The Rule of Basil of Caesarea, with modifications, was adopted by the Armenian Church, which is to be found in Gregory the Illuminator's Yachakhapatum, under sermon 23. The differences in the two rules are immediately apparent. While in the Caesarean version the monasteries were to be fully endowed, so that the monks would only be concerned with prayers, in the Armenian case the monks had to work to secure their living. The fruits of their labours were to be shared among the needy, pilgrims, travellers and farm workers. Catholicos Nerses I (373-7) who convened the council in Ashtishat in 365 extended the secular interests and objectives of the monasteries.

These are implied in the names given to monasteries operating in Siunik': Got'atun (house of mercy), Aspanjakanots (place of refuge), Otarats (for foreigners), Hiwranots (hospice) and Aghk'atanots (alms-house). The monasteries with these specific disciplines were the monasteries of Rshtunik', Narek, Derjan, Horomos, Gladzor, Andzewats, Hogeats.

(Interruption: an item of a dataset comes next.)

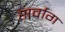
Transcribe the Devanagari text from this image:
सर्वाग
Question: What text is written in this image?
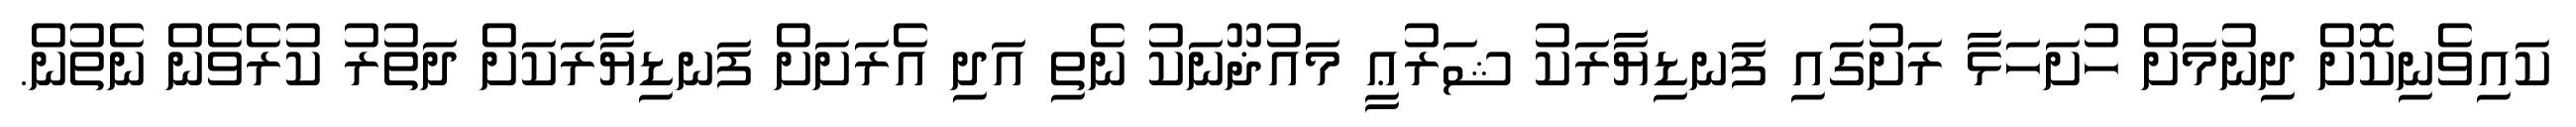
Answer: ކައިވެނިކޮށް ދިނުމަށް ހުށަހަޅާ ރަށުގައި ފަނޑިޔާރަކު ޝަރުޢީ މައުޛޫނަކު ނެތި އަދި އެރަށަށް ފަނޑިޔާރަކަށް ދަތުރު ކުރެވެން ނެތުން.

To the two principal tasks of monasteries, asceticism and caring, just outlined above, a new role was introduced, which proved crucial for the survival of Armenian Christianity. The dynamic educational programme that the 'senior' and 'junior' t'argmanitch initiated in 406 developed into the unique order of the vardapet (unmarried priest); he had the powers to teach, interpret the scriptures, and to excommunicate and re-admit ex-communicants, as bishops had. The monasteries became intellectual centres, whose graduates were known by epithets such as Translator, Historian, Philosopher, Grammarian, Rhetorician, Poet, Scribe, and Illuminator.